HPE: AI at Hyperscale – How to go faster with a smaller footprint
-Theresa Melvin, Chief Architect of AI-driven Big Data Solutions, HPE
My name is Teresa Melvin. I work for HPE. I’m the AI- driven Big Data Solutions Architect, and I run the open-source solutions R&D lab out of Fort Collins Colorado.
In order to meet the requirements, I have to be able to persist millions of events per second, that’s millions of IO’s per second. The only solution that can get close with today’s technology hardware and software is Aerospike running on Intel pmem (persistent memory) DIMMs, and that is about 280,000 sustained read and write operations per second – which is about 2,000 percent more than anything else out there.
Designs that I put together, they have to be able to write as fast as they read. A lot of times I have a 1 to 10 write-read ratio. For every one terabyte that is inserted, I have to read out 10 terabytes. So, that requires a very special type of NoSQL database, and unfortunately every single database that I have tested over 20 months failed in that regard with the exception of Aerospike.
With Aerospike’s Spark connector, I have the ability to read the data out of Aerospike just as fast as it was inserted in. This allows me to do near-instantaneous machine learning on the data as it lands.
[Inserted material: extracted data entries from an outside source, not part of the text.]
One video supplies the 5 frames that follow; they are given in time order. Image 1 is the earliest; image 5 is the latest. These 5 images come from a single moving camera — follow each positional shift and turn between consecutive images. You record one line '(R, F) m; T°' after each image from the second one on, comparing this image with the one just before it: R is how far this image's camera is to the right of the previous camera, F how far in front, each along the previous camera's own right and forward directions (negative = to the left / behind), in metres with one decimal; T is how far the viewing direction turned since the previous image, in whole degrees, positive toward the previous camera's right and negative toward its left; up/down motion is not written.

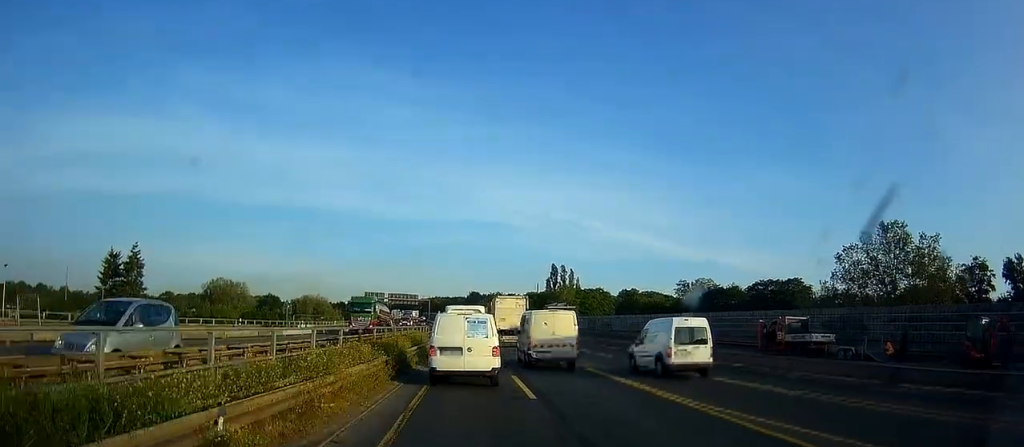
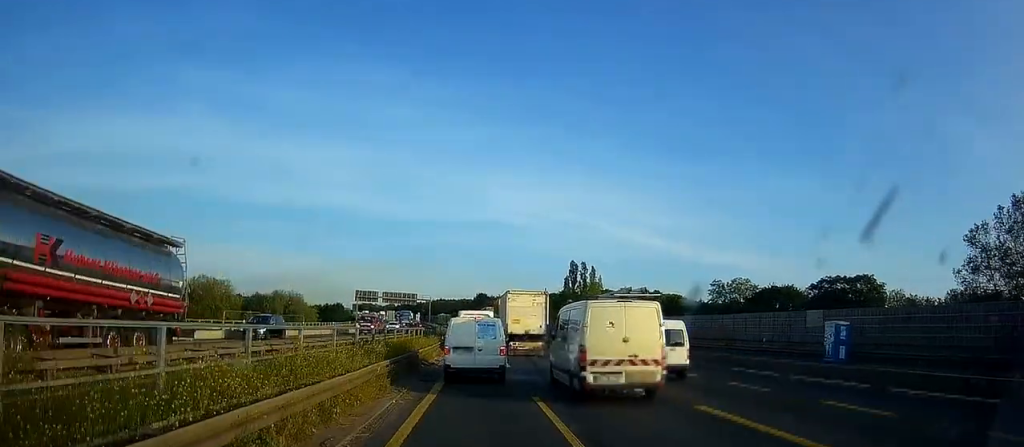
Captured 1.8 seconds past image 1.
(+0.4, +24.0) m; 0°
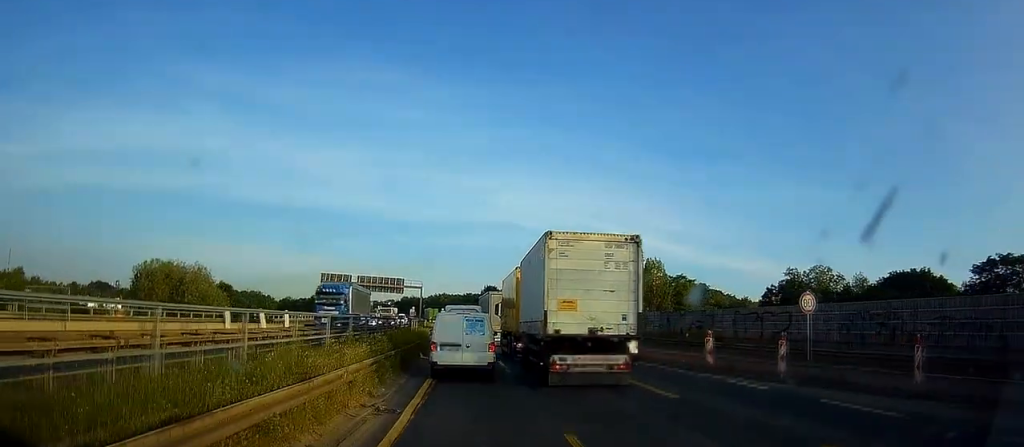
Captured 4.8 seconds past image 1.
(-0.1, +41.0) m; -1°
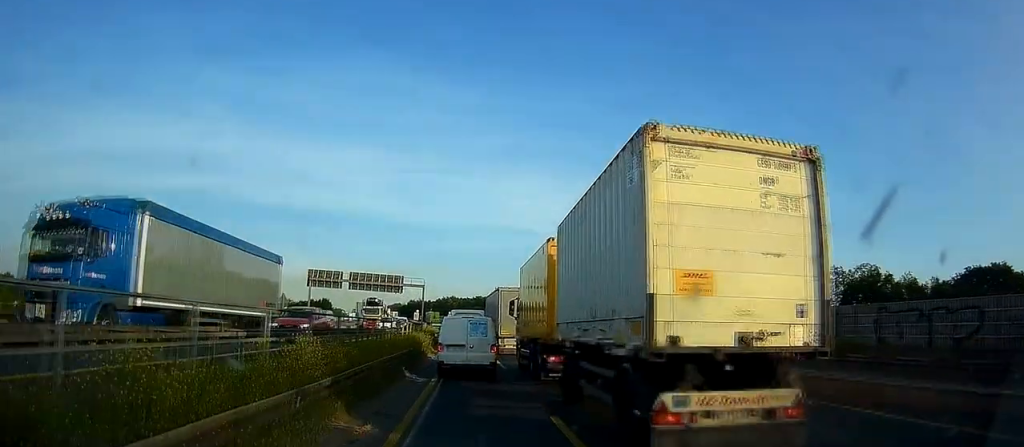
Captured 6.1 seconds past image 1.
(-0.2, +16.3) m; -1°
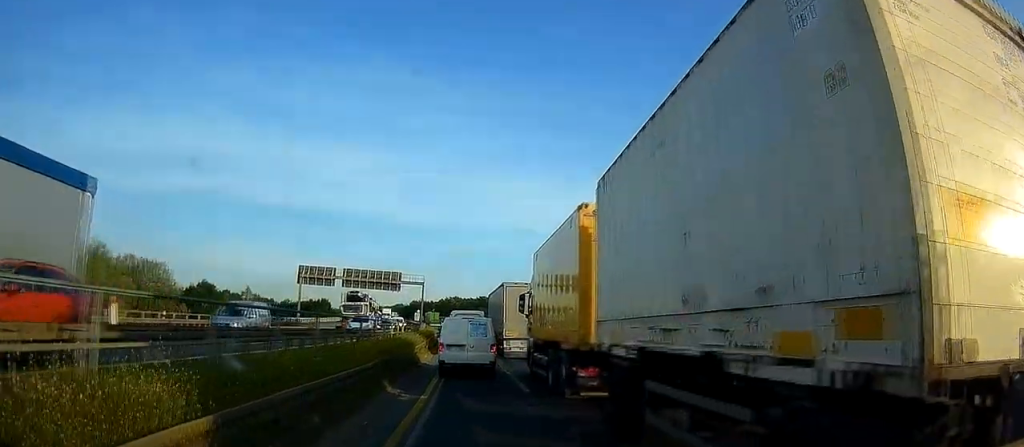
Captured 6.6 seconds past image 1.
(0.0, +7.8) m; 0°

For the development that I do, I have to have one single stack that is deployed everywhere. From the developers’ laptops, to the end device which for automotive is the car, to the edge – any edge appliances that do additional parsing and coalescing of the data – to the core datacenters, and then cloud which is typically user portals so that’s where the users are going to connect into. So, in order to meet all five of those individual layers, I have to be able to containerize the solution, and it has to fit seamlessly into a CICD pipeline. So, that significantly narrows the scope of the products that I can work with. They have to be able to deploy in every single one of those situations, and they have to work the exact same way with no additional augmentation.
So, with Aerospike because it runs an official docker container, I can put it directly into a Kubernetes dataflow pipeline, and with the click of a button I can move that single stack from core – which is running on all the enterprise hardware – all the way out to the edge into the car into cloud, without having to change anything at all.
Aerospike and Intel persistent memory is incredibly fast, and it also affords the ability to be equally fast when I have to take those nodes down – those Aerospike database nodes for maintenance – because it allows the ability to do warm database restarts. Which means there’s no downtime really for these giant database nodes anymore.
When it comes to building real-time persist solutions that have the ability of performing 10 times the number of reads for every single write, there is nothing else out there other than Aerospike that can currently meet that objective.